We have determined that Governor Thompson should serve on our Board because of his extensive knowledge of the evolving healthcare industry and his unique experience with physicians, healthcare decision makers, and business executives nationwide regarding healthcare policy and improvements within the industry.

 

 

 

Stanton D. Anderson

 

Mr. Anderson was appointed to our Board in connection with our IPO in July 2013 and is the Chairman of the audit committee and a member of the compensation and nominating governance committee. Mr. Anderson resigned as a partner from the law firm McDermott Will & Emery in February 2008. He has served as Senior Counsel to the President and CEO of the U.S. Chamber of Commerce since 1997. While a partner at McDermott Will & Emery, Mr. Anderson served as Executive Vice President and Chief Legal Officer of the U.S. Chamber of Commerce (the “Chamber”). Mr. Anderson also oversaw the National Chamber Litigation Center, the public policy legal arm of the Chamber; the Institute for Legal Reform, a Chamber affiliate dedicated to restoring fairness, efficiency, and consistency to the U.S. civil justice system; and the Chamber’s Office of General Counsel.
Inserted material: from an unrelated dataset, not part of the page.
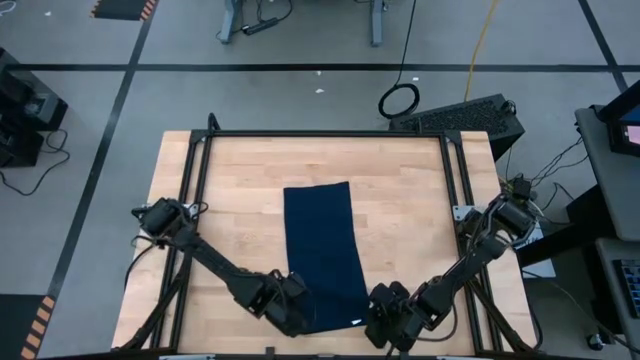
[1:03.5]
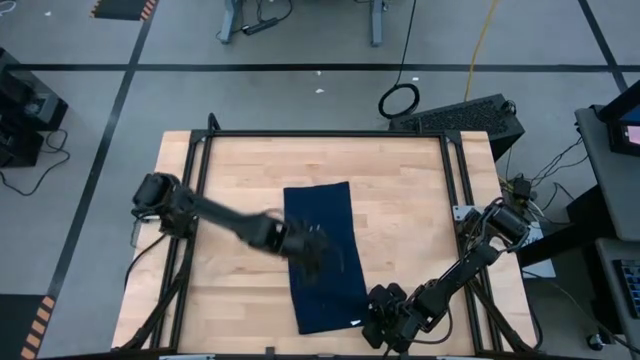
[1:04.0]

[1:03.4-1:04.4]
Roll the dark blue towel
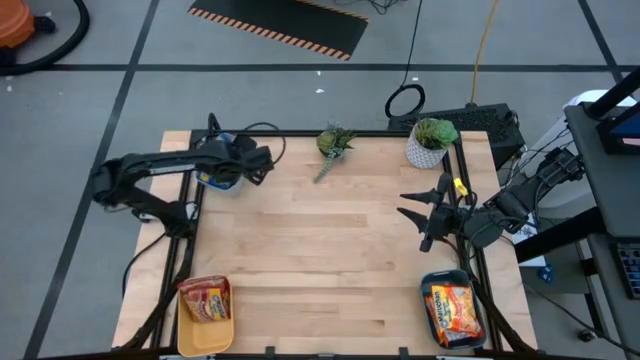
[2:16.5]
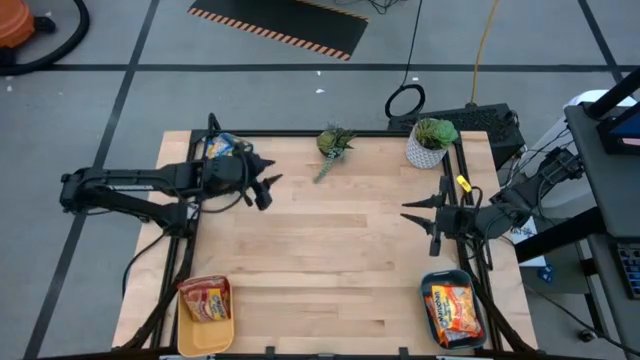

Mr. Anderson has been involved in national political affairs since 1972 where he managed a number of Republican conventions and served as Counsel to the Reagan-Bush Campaign in 1980. Mr. Anderson has received a number of Presidential appointments, including the President’s Advisory Committee on Trade Negotiations and the Presidential Commission on Personnel Interchange, and chaired the U.S. delegation to the United Nations Conference on New and Renewable Energy Resources in 1981. Mr. Anderson previously served on the Board of Trustees of two public companies, CB Richard Ellis, a national real estate company where he chaired the audit committee for a number of years, and Aegis Communications Group, where he chaired a number of Board committees, including the audit committee. Mr. Anderson graduated from Westmont College, where he was a Small College All-American basketball player, and received his law degree from Willamette University where he was a member of the Law Review.

 

 

 

 

 

We have determined that Mr. Anderson should serve on our Board because of his significant financial and legal experience, prior service as a member of the board of trustees of other public companies, and his familiarity with business policy.

 

 

 

Mark A. Baumgartner

 

Mr. Baumgartner was appointed to our Board in connection with our IPO in July 2013. Mr. Baumgartner is currently the Chief Credit Officer of B.C. Ziegler and Company (“Ziegler”) responsible for review of certain transactions underwritten by the firm for hospitals, senior living entities, churches, and charter schools, totaling approximately $3 billion annually. Prior to assuming the position of Chief Credit Officer in 2009, Mr. Baumgartner worked as an investment banker at Ziegler beginning in 1984. Over the next 25 years, he completed more than 150 public debt offerings in excess of $5 billion for hospital systems, clinics and senior living facilities across the country. During that time, Mr. Baumgartner’s investment banking activities have included mergers, acquisitions and financial advisory work as well as tax-exempt and taxable financings on a fixed variable or blended interest rate basis. Mr. Baumgartner has also had the opportunity to work on numerous strategic advisory transactions for healthcare providers involved in merging, acquiring or partnering with other healthcare entities. Mr. Baumgartner is a registered representative and registered principal and is a member of the Healthcare Financial Management Association. He earned a B.B.A. in finance from the University of Notre Dame.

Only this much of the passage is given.